御開山は、『浄土三部経』に隠顕をたてるから、三経における、なんまんだぶという称名にも真仮を見られるのであろう。
いわゆる、『無量寿経』の、第十八願、第十九願、第二十願のそれぞれに、『無量寿経』、『観無量寿経』(御開山は『無量寿仏観経』または『観経』とされる)、『阿弥陀経』を配当されたからである。

昔の布教使は、『観経』の意による、なんまんだぶを万行随一の念仏と言い、『阿弥陀経』の意による、なんまんだぶを万行超過とし、『無量寿経』の意、つまり第十八願の、なんまんだぶを、選択本願の、なんまんだぶと言って御法話をしていたものである。

行の無い信心だけの仏教などというものは有り得ないのだが、その行である念仏を、万行(よろずの為すべきおこない)の中の一つとして修するのが万行随一の、なんまんだぶというのである。この随一という漢語は、多くの行の中の一つという意味であり、現在使われているような最高という意味ではない。あくまで、仏道の修行体系の中の一つの行であるという意味である。
これが、修諸功徳の第十九願の立場である。

しこうして、あほみたいに、ひたすら、なんまんだぶを称えるだけで、他の行業に目もくれない浄土真宗のご法義の、ほんまもんの同行を見聞して、一行一心ということに気付くのである。いわゆる、『阿弥陀経』の、「不可少善根福徳」の教説によって、なんまんだぶの一行を修する、雑(雑多な行)から純への転換である。名号を称えるという、多善根 福徳因縁への転向である。この役割を果たしているのが、多善根 福徳因縁の、なんまんだぶを称えることを勧める『阿弥陀経』である。これを、先人は万行超過(よろずの行いを超え出た)の、なんまんだぶの行と言ったのである。浄土往生を願い、一心に一行を修するのである。自らが気付き選んだ、なんまんだぶの行である。

しかるに、ある時、突然に、自らが選んだ行である、なんまんだぶならば、自らが思い描く妄想の浄土へ往生するだけではないのか? と、いう疑念が起きる。寝食を忘れて、後生、タスケタマエと、阿弥陀仏に祈願して来たがこれは凡夫の妄念ではなかったかと気付くのである。
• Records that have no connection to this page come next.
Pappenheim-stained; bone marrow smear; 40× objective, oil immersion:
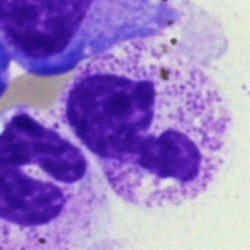
Q: What cell is this?
A: Polymorphonuclear neutrophil.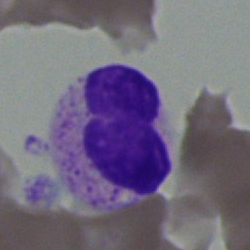

The cell shown is a polymorphonuclear neutrophil.
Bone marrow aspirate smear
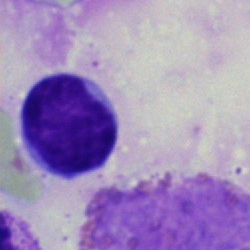 Showing a typical lymphocyte.
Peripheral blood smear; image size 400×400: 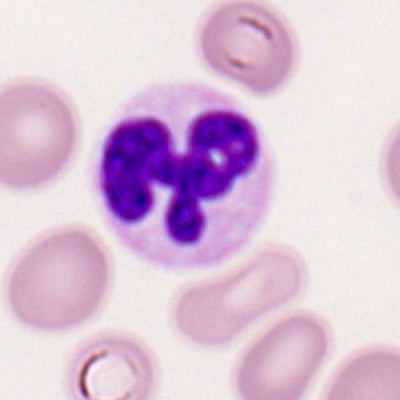Showing a polymorphonuclear neutrophil.
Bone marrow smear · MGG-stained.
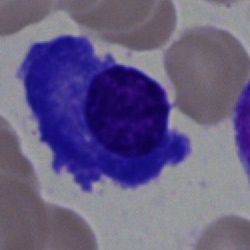
The cell shown is a plasmacyte.
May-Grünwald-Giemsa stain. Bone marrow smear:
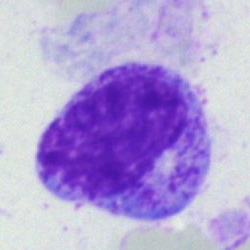The morphological class is myelocyte.
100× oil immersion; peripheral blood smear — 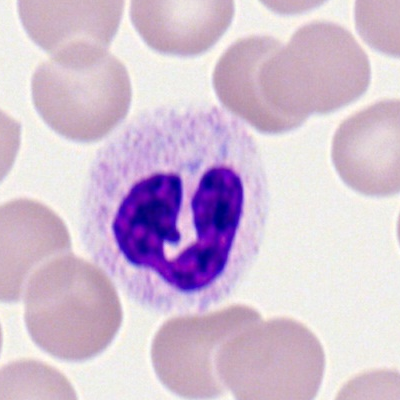

Cell = segmented neutrophil.
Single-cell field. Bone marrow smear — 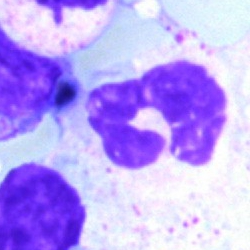

Q: What is shown here?
A: A polymorphonuclear neutrophil.
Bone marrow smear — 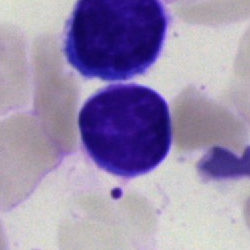
Q: What is the morphological classification of this cell?
A: Lymphocyte.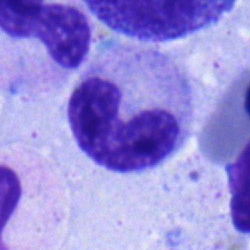
Q: What type of cell is this?
A: It is a neutrophil (band).
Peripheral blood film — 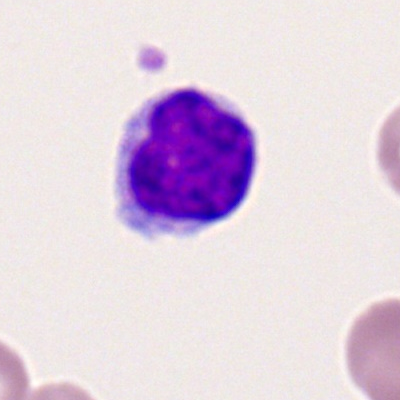

Q: Identify the cell.
A: A typical lymphocyte.
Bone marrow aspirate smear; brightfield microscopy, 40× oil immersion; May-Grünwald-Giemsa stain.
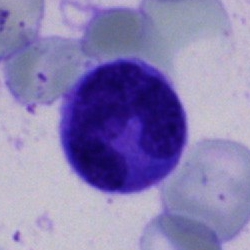Morphology — monocyte.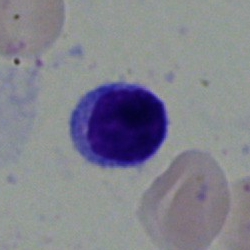A typical lymphocyte.
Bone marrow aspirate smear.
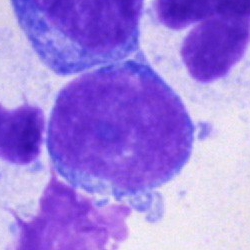 The cell shown is a blast.
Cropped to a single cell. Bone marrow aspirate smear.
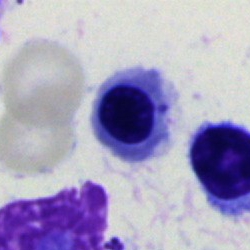 Specimen: bone marrow aspirate smear.
Classification: nucleated red blood cell.
Lineage: erythroid.
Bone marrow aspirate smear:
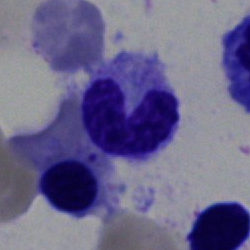 Single cell identified as a band-form neutrophil.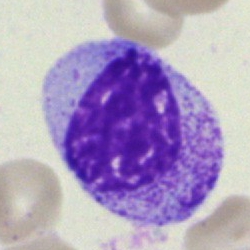Q: Identify the cell.
A: This is a myelocyte.
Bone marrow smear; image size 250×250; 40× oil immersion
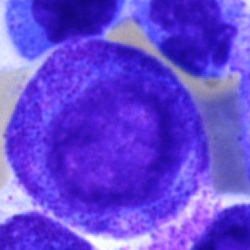 Cell type — promyelocyte.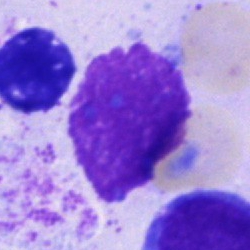

Classification — artefact.
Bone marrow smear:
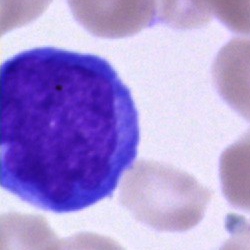

{"cell_type": "blast"}
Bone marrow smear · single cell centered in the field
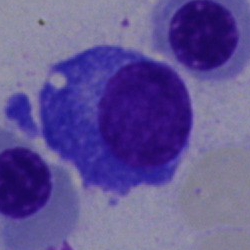
{"cell_type": "plasmacyte", "lineage": "lymphoid"}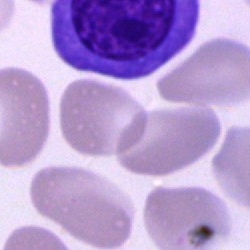 Impression → nucleated red blood cell.
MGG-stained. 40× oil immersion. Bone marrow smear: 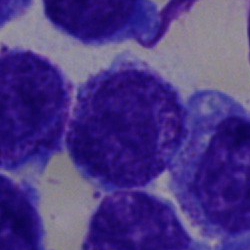
{"cell_type": "undifferentiated blast"}
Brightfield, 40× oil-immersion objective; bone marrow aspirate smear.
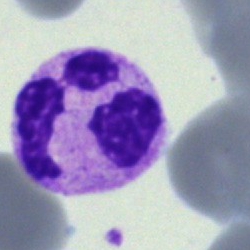Impression → neutrophil (segmented).
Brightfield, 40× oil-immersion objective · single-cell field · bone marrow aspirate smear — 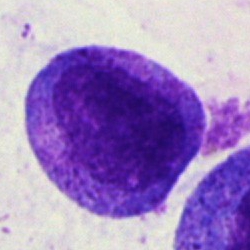
Morphology → myelocyte.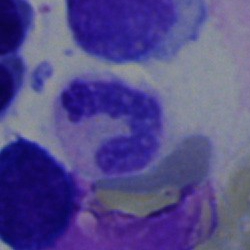

Q: Which cell type is shown here?
A: A segmented neutrophil.
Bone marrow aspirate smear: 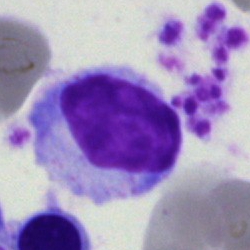 Impression — typical lymphocyte.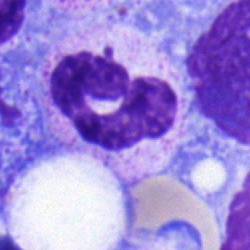

Single cell identified as a neutrophil (segmented).
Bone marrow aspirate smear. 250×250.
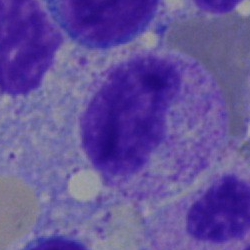 Specimen: bone marrow smear.
Classification: neutrophil (band).
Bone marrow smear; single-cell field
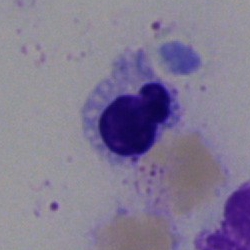 Morphological class: normoblast.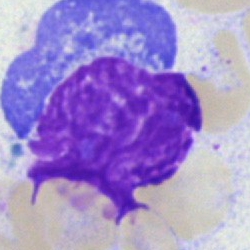
Q: What is shown here?
A: This is an artefact.
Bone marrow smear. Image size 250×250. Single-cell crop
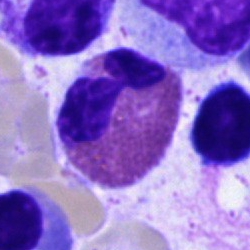

Q: What type of cell is this?
A: An eosinophilic granulocyte.
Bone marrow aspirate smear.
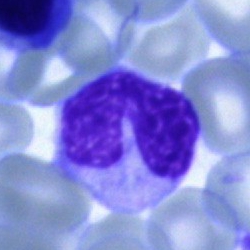 Showing a segmented neutrophil.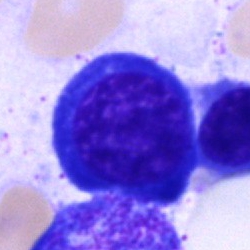
Morphology — nucleated red cell.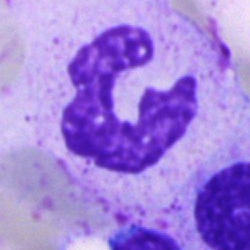

Q: What is the morphological classification of this cell?
A: A neutrophil (segmented).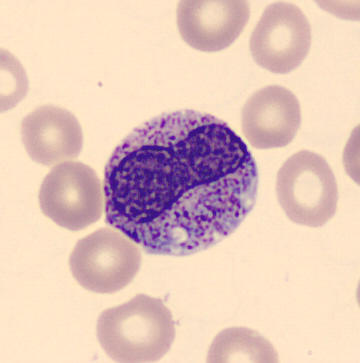
Q: What is the morphological classification of this cell?
A: This is a metamyelocyte.

Preparation: Peripheral blood film.
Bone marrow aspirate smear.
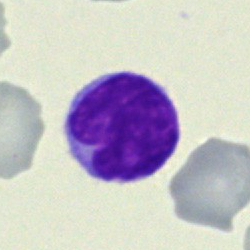
Single cell identified as a lymphocyte.
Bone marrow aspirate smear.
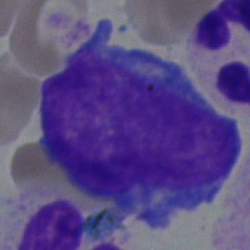{"cell_type": "blast"}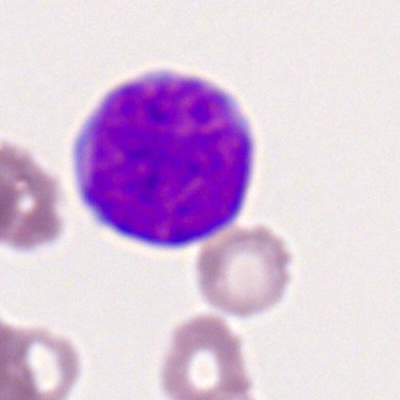Showing a myeloid blast.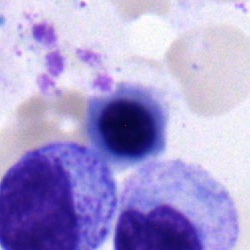Bone marrow aspirate smear, single cell — nucleated red blood cell.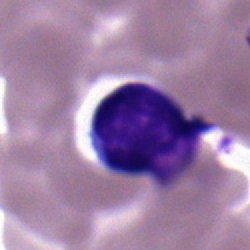

Specimen: bone marrow smear.
Classification: typical lymphocyte.
Lineage: lymphoid.
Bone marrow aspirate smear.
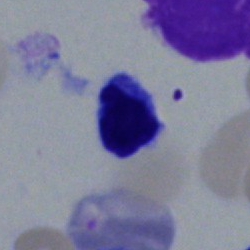
Q: What type of cell is this?
A: Typical lymphocyte.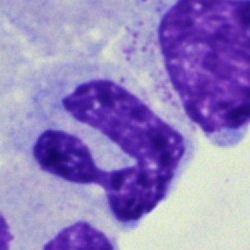
Q: Which cell type is shown here?
A: Polymorphonuclear neutrophil.
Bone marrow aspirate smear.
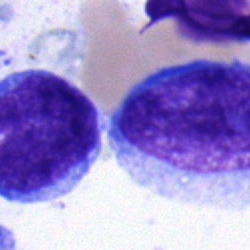

Specimen: bone marrow smear.
Cell type: blast.
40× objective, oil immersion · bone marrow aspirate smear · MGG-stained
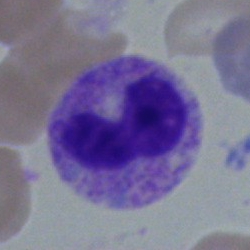Q: What type of cell is this?
A: This is a neutrophil (band).
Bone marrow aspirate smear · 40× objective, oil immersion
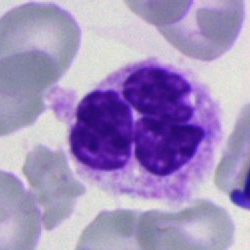

Morphology — segmented neutrophil.
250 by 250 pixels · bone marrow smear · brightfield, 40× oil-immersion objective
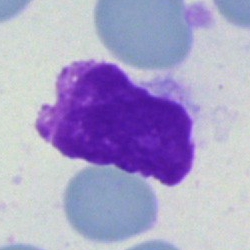

Specimen: bone marrow smear.
Morphological class: artifact.
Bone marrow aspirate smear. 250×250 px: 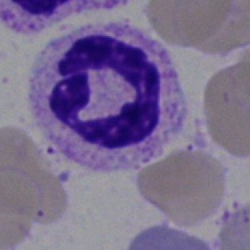
Morphology consistent with a neutrophil (segmented).
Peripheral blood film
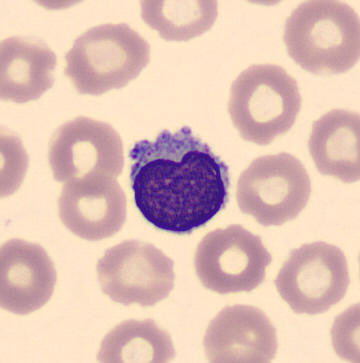 The morphological class is lymphocyte.
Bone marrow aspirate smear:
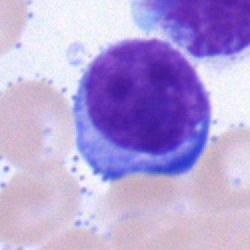
Q: What is shown here?
A: Typical lymphocyte.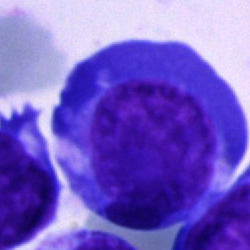
Specimen: bone marrow smear.
Morphological class: blast cell.

ここに知識のご化導ありであって、なんまんだぶを称える行は、阿弥陀如来の本願に選択された行である念仏行であると、知らしめられるのである。
御開山が法然聖人の語録を採集された、『西方指南抄』上末に、

しかるに往生の行は、われらがさかしく、いまはじめてはからふべきことにあらず、みなさだめおけることなり。(*)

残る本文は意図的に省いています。